Which simply captures the boundaries of the subtree at this point.

The Prim structure captures the tokens for a specific line, which carries either the tokens for the line or is marked as deleted.

data Prim = PToks [PosToken]
          | PDeleted ForestSpan RowOffset SimpPos
          deriving Show

Conversion of LayoutTree to DualTree

The first step is to convert the tokens as captured in the modified LayoutTree, which is oriented purely toward SrcSpan (and equivalently ForestSpan) values, to the DualTree which is oriented towards line at a time values.

The layoutTreeToSourceTree function converts any SourceTree leaf value (identified by carrying tokens only, no subtree) into a DualTree leaf carrying a NonEmpty list of lines, constructed by grouping the tokens by line.

Any SourceTree node marked as Deleted is converted into an equivalent SourceTree leaf.

Internal LayoutTree entries are either passed through with an annotation as to the enclosed span, or processed specially if they carry layout.

If an internal LayoutTree carries layout, it triggers an applyD transformation in the dual tree which propagates a constraint downwards, namely the requirement for layout.

Dual Tree Magic

The Dual Tree magic happens in the monoidal combination of the upward and downward elements.

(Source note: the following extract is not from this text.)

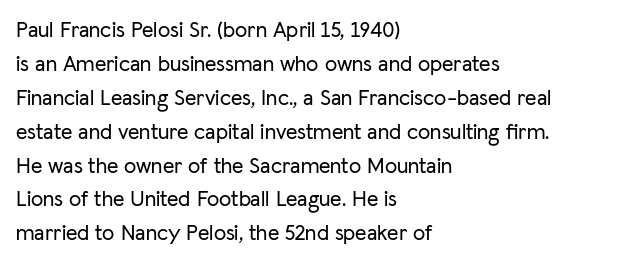
{"italic": "no", "underline": "no", "align": "left", "line_spacing": "normal", "line_spacing_ratio": 1.54, "letter_spacing": "normal", "letter_spacing_em": 0.0, "glyph_px": 22}

This happens automatically when required, we simply have to specify the operations to be performed.

The most important of these is the combineUps function, which is defined as the SemiGroup <> operator between Up elements.

This is called whenever two nodes are being combined as the dual tree is being constructed from the leaf nodes towards the root.

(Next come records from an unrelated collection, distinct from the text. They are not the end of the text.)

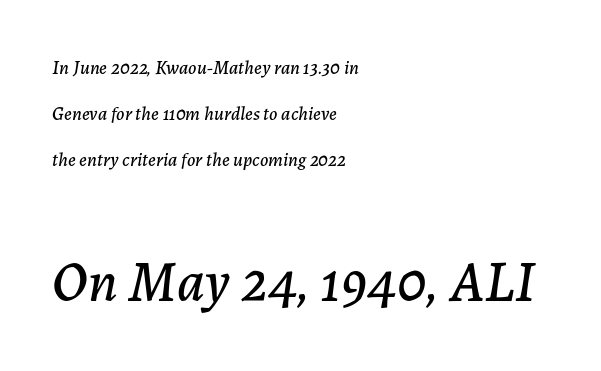
Q: Is the text italic (slanted)? A: Yes, it leans right by about 7 degrees.
Q: Is the text underlined? A: No.
Q: How is the paragraph aligned? A: Left-aligned.
Q: Is the spacing between letters normal or unusually wide? A: Normal.
Q: Is the spacing between lines tight, normal or loose? A: Loose.
Q: Which block of text is set in a larger size, the first (top) or the second (bottom)? A: The second (bottom) one.
Q: Width (condensed, normal, or wide)? A: Normal.
Q: Stroke contrast? A: Low.
Q: x-height? A: Medium.
Q: Monospaced? A: No.
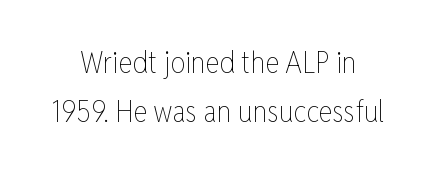
Students, note that the glyphs here touch the page at normal intervals. Weight: not bold — regular or lighter. This rendering features lettering with no underline. Italic? Not at all — the glyphs are vertical.
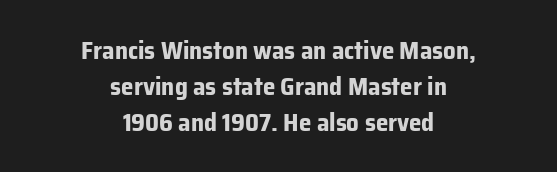
{"italic": "no", "bold": "yes", "underline": "no", "align": "center", "line_spacing": "normal", "line_spacing_ratio": 1.44, "letter_spacing": "normal", "letter_spacing_em": 0.0, "glyph_px": 25}

Any given Up entry has lines in it, of which the first and last line may be partial, containing a fragment of a line which must be combined with the matching fragment of the incoming element.

Also, one or both of the elements may indicate a range has been deleted from the original tree, indicating that the balance of the lines must be moved up.

The gory details can be examined in the source.

The other important one is the Action Transformation instance for Up.

This defines how the alignment action should be applied to an Up value to yield a modified Up value.

instance (Action Transformation Up) where
  act (TAbove _co _bo _p1 _p2 _eo) (Up sspan _a s ds) = (Up sspan a' s' ds)
    where
      a' = AVertical
      s' = NE.map (\(Line r c o ss _f toks) -> (Line r c o ss OGroup toks)) s

  act (TAbove _co _bo _p1 _p2 _eo) (UDeleted ds) = UDeleted ds

It basically says that the layout style should change to Vertical, and the corresponding lines should be marked as belonging to a group, so they will be moved as a unit if column changes are required.

When this process is complete the root element of the SourceTree has an Up value that captures all the constraints of layout in the original LayoutTree, and has one entry per line.

This Up entry is extracted by the retrieveLines function which returns a list of Line values.

data Line = Line Row Col RowOffset Source LineOpt [PosToken]

data Source = SOriginal
            | SAdded
            | SWasAdded
            deriving (Show,Eq)

data LineOpt = ONone
             -- | This line needs to be grouped with the next in terms
             -- of layout, so any column offsets need to be propagated
             | OGroup
             deriving (Show,Eq)

Rendering the lines

One last transformation is required to generate actual source lines, which is performed by the renderLines function.

This takes a list of Line values and places them correctly in the output stream.

Each Line has an absolute row and col associated with it. The output function inserts appropriate newline and space values into the stream to ensure that each line starts at the required spot.

All done.

It is a very complicated transformation, but it is broken down into a number of steps, each of which does a specific required function.

To recap

  1. Allocate tokens to a LayoutTree, capturing all SrcSpans and starts of syntax layout.
  2. Manipulate the LayoutTree to achieve the refactoring, working at the SrcSpan level.
  3. Convert the LayoutTree to a SourceTree, operating at the line level, and resolving layout constraints downward against add/del/move/resize constraints upward.
  4. Convert the absolute line entries back into a stream of characters as the modified source code.